March corn closed up 6 1/4 cents and May corn was up 6 cents. March soybeans closed down 15 3/4 cents and May soybeans were down 14 1/2 cents. March KC wheat closed down 1 1/4 cents, March Chicago wheat was down 2 3/4 cents, March Minneapolis wheat was down 4 1/4 cents.
The U.S. Dollar Index is down 0.03 at 107.94. The Dow Jones Industrial Average is down 247.0 points at 44,461.0. April gold is down $13.40 at $2,919.20, March silver is up $0.35 at $32.68 and March copper is up $0.0945. March crude oil is down $1.94 at $71.38, March ultra-low sulfur diesel is down $0.0633, March RBOB gasoline is down $0.0594 and March natural gas is up $0.053.
CORN:
March corn futures traded as low as $4.81 1/2 early Wednesday before finding buying interest to send prices upwards for at least a partial recovery of Tuesday’s losses. Fresh fundamental news is scarce outside of Tuesday’s USDA figures which as a reminder featured changes solely to world supply and demand, as the USDA left the U.S. balance sheet unchanged this time around. The initial kneejerk reaction to this appears to have run its course at least for the moment Wednesday, as traders are focusing on corn fundamentals that for the most part remain moderately supportive. In Wednesday news, the Energy Information Administration released ethanol production for last week, totaling 1,082,000 barrels per day (bpd), 30,000 bpd below the prior week’s production but still slightly above the prior four week’s average. Ethanol margins have shown slight improvement since mid-January as well, with Monday’s USDA weekly coproducts report pegging a bushel of corn crushed for ethanol to be worth $6.01 to an Iowa ethanol plant accounting for ethanol, DDGs, and corn oil produced. Of course there are overhead costs not considered in this report. Factoring in a standard cost per bushel, I calculated an average margin of 55 cents per bushels for the seven areas covered by the USDA report. A notable metric to watch moving forward is the new-crop soybean-to-corn price ratio which has dropped this week to 2.21, the lowest ratio for new-crop futures since late May 2023. It isn’t a perfect relationship, but this heavily implies a shift towards more corn acres is likely in 2025, which will be important to be mindful of as we head into U.S. planting season in just a few short months. In corn technicals, support near and above $4.80 continues to catch prices when sellers attempt a move to the downside. For now, March corn futures are again dancing around $4.90 which has become steady resistance to prices, with the medium-term objective for bulls still to secure a close above $4.97, which at this point bulls may be running out of fundamental ammunition to achieve this at least in the immediate future, but as always time will tell.
SOYBEANS:
Soybean futures began Wednesday with only short losses but price action became more and more bearish and the session wore on. Unfortunately for soybean bulls, regardless of the bullish directional changes in world soybean supplies in Tuesday’s USDA release, the overall supply of soybeans still remains historically large even with 7.5 million metric tons (mmt) in stock reductions over the past two months.

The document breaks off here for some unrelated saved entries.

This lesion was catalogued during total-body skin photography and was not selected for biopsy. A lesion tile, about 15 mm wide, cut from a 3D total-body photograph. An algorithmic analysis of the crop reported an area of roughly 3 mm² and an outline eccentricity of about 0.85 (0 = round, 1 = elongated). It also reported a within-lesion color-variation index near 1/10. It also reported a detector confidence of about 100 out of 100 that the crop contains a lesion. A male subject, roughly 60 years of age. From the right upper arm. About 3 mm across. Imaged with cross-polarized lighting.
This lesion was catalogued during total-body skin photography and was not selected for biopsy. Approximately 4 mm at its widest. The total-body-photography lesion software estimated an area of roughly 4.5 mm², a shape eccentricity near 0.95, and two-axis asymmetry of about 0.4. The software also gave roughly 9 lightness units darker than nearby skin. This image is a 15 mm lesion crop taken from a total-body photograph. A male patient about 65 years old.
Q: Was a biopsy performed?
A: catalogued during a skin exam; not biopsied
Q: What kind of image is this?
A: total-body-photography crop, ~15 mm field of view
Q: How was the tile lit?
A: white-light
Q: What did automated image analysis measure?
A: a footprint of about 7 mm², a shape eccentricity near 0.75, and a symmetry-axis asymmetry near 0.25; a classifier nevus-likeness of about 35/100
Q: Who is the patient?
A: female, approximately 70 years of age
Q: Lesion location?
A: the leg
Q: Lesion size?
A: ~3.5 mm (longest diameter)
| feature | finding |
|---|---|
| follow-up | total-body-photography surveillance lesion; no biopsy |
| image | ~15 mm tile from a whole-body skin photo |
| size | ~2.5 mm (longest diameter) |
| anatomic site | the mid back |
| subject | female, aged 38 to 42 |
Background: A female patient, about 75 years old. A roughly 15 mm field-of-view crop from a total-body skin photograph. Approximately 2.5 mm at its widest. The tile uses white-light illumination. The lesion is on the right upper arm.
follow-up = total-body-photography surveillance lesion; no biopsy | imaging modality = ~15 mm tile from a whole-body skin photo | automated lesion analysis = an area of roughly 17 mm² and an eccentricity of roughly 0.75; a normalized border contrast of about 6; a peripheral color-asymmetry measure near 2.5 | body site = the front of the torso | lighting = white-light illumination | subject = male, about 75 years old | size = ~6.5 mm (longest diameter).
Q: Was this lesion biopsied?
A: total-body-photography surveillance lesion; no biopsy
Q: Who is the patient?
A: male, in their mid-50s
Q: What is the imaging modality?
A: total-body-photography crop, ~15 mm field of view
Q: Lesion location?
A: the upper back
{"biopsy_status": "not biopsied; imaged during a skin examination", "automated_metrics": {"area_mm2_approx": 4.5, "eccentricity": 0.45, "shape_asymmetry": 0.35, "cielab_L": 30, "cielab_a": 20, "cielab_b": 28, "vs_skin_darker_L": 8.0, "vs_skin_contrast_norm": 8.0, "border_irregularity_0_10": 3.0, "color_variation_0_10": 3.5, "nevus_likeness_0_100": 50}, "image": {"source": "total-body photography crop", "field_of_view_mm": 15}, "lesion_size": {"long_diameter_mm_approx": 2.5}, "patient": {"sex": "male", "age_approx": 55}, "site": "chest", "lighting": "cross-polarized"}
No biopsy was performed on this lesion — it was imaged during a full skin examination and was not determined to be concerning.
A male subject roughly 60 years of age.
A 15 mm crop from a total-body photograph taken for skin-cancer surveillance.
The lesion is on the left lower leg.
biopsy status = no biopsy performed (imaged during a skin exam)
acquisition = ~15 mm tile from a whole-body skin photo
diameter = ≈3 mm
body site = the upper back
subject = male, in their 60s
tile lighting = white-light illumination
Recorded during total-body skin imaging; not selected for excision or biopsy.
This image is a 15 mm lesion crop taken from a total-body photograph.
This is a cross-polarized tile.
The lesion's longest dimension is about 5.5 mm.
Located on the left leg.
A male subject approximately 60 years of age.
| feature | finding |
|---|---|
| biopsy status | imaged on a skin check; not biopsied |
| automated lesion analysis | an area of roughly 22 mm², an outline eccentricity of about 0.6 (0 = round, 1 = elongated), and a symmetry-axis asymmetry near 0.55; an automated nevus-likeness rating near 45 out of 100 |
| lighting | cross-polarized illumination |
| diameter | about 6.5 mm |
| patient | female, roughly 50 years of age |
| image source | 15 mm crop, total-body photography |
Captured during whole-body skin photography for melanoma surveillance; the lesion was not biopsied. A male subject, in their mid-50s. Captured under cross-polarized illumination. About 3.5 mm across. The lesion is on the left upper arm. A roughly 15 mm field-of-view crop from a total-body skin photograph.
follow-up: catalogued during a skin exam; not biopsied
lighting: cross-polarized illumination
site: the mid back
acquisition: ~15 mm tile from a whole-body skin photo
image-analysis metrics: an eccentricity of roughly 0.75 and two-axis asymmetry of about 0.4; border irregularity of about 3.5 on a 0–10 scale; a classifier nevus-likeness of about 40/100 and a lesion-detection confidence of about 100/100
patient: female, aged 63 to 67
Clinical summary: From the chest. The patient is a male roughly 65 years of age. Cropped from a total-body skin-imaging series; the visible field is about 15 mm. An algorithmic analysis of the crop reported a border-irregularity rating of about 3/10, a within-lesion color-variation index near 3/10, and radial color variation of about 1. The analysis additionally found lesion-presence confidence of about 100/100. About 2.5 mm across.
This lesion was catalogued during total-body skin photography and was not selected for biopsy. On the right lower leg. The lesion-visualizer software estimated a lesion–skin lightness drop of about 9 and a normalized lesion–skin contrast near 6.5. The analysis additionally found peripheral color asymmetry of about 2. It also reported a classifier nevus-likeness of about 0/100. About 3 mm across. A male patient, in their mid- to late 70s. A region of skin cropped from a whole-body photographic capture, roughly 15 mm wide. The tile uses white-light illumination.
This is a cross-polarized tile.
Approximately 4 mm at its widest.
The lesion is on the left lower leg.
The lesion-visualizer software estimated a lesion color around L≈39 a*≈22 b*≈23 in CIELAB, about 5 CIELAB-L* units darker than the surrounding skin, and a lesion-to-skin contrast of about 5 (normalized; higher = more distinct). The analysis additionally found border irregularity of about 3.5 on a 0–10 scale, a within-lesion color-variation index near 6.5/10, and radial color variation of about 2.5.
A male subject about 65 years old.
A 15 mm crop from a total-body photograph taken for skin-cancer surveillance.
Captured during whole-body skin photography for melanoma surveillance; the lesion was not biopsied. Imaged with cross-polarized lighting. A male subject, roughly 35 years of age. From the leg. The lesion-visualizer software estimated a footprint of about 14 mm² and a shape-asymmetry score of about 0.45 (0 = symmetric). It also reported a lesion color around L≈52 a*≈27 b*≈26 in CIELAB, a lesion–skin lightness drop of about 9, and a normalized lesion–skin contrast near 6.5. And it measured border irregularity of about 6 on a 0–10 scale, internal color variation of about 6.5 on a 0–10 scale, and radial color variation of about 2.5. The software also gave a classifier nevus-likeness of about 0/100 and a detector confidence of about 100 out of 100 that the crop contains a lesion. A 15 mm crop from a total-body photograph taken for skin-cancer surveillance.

To add to weakness is a South American forecast over the next two weeks that calls for rainfall anywhere from 2 to 6 inches across most of Argentina’s grain belt. Meanwhile the forecast in Brazil continues to show pockets of dry periods which should aid in fieldwork efforts for producers there. The Buenos Aires Grain Exchange will release its weekly crop conditions update on Thursday, while Brazilian agency CONAB will also release its monthly crop report on Thursday as well which will both give the market a more localized look into South American conditions. In soybean technicals, March soybean prices were quick to fall below near- to medium-term trendline support in the low $10.40s, before finding at least soft support in the mid $10.20s. For now, the next immediate target for bearish traders is to test the 50-day moving average (now at $10.16 1/2), which will be an important level to hold to keep the almost two-month-old price rally alive.
WHEAT:
Wheat markets found themselves stuck between slightly firmer corn prices and sharply lower soybean prices. Overall, the market has digested fairly static estimates from the USDA Tuesday quickly and moved back to focusing on world wheat values that continue to climb week over week. Tuesday’s estimates did little to alter the overall outlook of the wheat market for the balance of the old crop season, as trader attention will likely begin to shift over the next month or two to new-crop outlook for this year’s winter crops as well as plantings for spring crops. The next 30 days or so will also be important for finishing out the old crop export program for U.S. wheat, which still has sales to find and make if it is to reach the USDA goal of 850 million bushels (mb) for the marketing year. In wheat technicals, March Kansas City futures have found support for now near $5.90, which keeps $6.00s within the markets reach. The next round of support is the 20-day moving average in the upper $5.70s.